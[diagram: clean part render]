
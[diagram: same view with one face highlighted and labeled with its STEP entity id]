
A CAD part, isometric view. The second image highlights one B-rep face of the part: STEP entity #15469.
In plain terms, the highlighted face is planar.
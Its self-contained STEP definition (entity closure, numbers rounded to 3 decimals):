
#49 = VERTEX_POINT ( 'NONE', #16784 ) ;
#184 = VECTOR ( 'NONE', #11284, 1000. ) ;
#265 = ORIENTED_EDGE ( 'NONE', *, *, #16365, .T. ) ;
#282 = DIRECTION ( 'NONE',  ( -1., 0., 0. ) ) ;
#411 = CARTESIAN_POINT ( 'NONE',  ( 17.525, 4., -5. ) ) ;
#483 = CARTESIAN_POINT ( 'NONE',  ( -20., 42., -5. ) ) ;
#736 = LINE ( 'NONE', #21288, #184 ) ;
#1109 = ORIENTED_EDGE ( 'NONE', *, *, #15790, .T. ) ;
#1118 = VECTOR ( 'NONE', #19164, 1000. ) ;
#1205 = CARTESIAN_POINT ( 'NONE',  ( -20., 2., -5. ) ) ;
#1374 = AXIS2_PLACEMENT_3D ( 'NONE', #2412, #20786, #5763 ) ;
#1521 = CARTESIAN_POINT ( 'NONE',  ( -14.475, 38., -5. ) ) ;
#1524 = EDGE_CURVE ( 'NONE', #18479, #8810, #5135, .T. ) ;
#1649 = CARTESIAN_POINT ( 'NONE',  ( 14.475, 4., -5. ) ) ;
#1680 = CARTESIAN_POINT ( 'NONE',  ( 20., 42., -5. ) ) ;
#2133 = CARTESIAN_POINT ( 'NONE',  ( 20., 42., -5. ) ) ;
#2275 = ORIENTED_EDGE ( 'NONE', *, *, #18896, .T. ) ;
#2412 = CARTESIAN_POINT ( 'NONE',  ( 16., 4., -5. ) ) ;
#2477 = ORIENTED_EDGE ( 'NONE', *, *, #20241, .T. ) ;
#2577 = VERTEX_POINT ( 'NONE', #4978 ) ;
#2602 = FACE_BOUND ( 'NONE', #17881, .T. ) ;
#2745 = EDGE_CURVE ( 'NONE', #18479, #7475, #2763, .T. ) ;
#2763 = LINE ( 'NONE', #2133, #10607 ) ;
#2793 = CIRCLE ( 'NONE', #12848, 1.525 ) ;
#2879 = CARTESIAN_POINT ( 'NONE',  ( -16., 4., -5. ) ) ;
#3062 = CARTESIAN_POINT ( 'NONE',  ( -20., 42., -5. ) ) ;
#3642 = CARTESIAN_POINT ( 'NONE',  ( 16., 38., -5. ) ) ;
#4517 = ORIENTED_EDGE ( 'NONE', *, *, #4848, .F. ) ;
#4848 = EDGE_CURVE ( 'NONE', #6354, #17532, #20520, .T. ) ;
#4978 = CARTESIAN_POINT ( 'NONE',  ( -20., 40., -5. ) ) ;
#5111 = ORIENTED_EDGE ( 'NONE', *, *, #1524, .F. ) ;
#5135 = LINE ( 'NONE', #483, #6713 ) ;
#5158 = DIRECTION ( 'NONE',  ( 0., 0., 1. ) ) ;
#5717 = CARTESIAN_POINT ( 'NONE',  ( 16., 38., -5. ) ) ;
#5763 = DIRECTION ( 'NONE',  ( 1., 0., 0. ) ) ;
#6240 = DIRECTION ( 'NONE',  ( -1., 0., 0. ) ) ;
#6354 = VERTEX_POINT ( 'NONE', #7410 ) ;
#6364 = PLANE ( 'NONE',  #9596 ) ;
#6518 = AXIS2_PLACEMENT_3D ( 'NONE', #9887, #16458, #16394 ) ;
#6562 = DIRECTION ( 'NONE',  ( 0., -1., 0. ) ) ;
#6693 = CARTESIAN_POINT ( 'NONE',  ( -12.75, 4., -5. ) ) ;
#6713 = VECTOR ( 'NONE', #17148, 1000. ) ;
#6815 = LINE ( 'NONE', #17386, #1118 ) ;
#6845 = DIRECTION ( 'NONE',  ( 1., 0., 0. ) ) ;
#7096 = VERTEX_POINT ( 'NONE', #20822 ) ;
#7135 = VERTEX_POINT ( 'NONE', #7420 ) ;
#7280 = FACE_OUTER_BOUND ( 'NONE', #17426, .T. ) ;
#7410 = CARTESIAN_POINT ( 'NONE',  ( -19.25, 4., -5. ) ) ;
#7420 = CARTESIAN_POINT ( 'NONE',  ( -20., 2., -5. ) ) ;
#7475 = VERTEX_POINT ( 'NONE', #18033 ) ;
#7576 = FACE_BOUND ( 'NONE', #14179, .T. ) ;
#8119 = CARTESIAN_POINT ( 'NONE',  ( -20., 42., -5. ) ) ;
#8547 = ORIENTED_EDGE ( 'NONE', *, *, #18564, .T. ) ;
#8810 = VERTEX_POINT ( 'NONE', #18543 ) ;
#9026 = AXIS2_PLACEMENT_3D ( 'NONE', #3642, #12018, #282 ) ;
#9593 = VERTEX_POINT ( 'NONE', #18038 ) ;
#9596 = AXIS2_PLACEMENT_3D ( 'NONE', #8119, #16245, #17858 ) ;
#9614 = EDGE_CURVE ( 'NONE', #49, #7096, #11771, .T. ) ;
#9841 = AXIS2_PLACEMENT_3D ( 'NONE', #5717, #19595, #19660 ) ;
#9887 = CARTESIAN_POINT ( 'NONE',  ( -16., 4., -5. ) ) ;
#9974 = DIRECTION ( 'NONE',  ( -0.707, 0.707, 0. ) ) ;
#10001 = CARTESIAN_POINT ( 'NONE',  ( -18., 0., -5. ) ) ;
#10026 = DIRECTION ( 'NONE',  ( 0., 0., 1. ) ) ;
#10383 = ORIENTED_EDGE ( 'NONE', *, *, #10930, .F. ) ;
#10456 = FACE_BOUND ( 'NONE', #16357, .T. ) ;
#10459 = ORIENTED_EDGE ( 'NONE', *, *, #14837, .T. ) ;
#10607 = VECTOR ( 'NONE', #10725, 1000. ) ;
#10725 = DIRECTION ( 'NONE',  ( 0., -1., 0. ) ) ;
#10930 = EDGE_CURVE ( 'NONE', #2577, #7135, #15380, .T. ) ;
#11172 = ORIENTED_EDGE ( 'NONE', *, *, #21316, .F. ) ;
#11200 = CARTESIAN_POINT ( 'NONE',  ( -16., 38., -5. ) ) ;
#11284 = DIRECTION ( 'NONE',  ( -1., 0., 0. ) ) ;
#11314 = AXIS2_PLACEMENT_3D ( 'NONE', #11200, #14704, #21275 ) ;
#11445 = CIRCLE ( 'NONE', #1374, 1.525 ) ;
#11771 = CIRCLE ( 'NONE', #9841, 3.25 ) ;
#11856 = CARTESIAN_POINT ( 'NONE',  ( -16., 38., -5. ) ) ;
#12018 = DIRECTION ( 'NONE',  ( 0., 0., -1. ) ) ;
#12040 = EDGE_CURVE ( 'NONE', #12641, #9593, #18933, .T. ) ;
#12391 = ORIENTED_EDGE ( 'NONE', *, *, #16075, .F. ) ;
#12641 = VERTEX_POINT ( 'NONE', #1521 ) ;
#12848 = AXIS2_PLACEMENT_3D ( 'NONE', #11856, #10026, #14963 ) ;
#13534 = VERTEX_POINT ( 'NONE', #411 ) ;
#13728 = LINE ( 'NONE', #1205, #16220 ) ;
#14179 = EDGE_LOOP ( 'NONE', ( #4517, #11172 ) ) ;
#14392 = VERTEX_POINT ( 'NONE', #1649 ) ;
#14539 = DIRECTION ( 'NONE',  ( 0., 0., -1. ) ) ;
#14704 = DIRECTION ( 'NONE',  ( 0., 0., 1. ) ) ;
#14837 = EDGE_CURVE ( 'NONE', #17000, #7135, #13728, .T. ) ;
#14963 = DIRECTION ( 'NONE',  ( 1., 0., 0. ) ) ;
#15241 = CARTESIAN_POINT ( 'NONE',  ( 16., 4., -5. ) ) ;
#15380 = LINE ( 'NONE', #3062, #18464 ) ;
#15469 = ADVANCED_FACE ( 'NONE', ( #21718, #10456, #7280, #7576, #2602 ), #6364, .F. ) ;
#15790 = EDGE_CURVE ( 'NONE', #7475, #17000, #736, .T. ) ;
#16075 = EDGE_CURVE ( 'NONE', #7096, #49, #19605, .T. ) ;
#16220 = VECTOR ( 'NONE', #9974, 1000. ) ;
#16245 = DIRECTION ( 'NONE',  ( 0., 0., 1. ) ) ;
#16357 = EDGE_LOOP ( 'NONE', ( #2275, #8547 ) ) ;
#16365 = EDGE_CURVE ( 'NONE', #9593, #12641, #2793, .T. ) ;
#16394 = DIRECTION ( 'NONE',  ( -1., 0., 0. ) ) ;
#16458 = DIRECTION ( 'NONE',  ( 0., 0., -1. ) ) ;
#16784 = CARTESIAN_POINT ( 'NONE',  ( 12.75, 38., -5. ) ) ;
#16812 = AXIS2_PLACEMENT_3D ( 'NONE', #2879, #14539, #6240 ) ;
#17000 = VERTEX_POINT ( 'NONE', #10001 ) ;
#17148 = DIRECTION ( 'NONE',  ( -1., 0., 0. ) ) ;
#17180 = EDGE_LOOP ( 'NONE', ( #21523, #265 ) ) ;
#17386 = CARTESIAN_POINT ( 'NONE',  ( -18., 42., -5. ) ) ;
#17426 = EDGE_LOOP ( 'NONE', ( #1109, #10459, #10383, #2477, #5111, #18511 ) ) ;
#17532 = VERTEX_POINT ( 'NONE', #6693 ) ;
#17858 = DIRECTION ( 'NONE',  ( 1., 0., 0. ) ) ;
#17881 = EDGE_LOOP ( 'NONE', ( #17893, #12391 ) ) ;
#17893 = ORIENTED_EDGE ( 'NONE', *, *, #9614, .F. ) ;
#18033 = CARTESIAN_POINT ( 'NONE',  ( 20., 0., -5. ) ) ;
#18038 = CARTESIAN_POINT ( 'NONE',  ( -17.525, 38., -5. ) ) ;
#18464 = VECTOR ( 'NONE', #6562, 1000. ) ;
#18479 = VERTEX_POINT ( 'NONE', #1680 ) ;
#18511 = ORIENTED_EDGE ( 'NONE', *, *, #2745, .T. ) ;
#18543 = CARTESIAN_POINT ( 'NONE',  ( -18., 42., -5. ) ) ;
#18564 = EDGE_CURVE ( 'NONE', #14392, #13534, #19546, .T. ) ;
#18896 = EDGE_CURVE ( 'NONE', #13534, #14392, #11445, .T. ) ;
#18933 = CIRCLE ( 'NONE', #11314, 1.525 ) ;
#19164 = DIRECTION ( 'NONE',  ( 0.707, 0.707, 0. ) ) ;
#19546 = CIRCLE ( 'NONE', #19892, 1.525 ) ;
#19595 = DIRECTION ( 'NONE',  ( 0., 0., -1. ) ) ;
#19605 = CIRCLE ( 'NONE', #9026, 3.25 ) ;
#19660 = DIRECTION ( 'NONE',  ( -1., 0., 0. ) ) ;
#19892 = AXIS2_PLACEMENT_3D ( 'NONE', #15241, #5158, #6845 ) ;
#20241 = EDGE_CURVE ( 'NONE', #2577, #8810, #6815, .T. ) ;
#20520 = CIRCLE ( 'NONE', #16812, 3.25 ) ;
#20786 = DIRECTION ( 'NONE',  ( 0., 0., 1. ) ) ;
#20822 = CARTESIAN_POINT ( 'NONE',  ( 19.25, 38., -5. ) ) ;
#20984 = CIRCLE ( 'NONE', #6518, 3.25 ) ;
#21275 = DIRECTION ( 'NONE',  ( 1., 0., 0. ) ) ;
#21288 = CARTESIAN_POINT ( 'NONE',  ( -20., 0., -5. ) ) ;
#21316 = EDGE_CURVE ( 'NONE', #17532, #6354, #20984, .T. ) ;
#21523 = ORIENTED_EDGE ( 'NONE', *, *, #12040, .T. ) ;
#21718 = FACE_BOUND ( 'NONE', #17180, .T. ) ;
********************
**What you are asked to do**
The range runs from the line above containing "#4848 = EDGE_CURVE" to the line containing "#6354 = VERTEX_POINT ( 'NONE', #7410 ) ;", inclusive. Restate those lines word for word and no others.

**Expected answer**
#4848 = EDGE_CURVE ( 'NONE', #6354, #17532, #20520, .T. ) ;
#4978 = CARTESIAN_POINT ( 'NONE',  ( -20., 40., -5. ) ) ;
#5111 = ORIENTED_EDGE ( 'NONE', *, *, #1524, .F. ) ;
#5135 = LINE ( 'NONE', #483, #6713 ) ;
#5158 = DIRECTION ( 'NONE',  ( 0., 0., 1. ) ) ;
#5717 = CARTESIAN_POINT ( 'NONE',  ( 16., 38., -5. ) ) ;
#5763 = DIRECTION ( 'NONE',  ( 1., 0., 0. ) ) ;
#6240 = DIRECTION ( 'NONE',  ( -1., 0., 0. ) ) ;
#6354 = VERTEX_POINT ( 'NONE', #7410 ) ;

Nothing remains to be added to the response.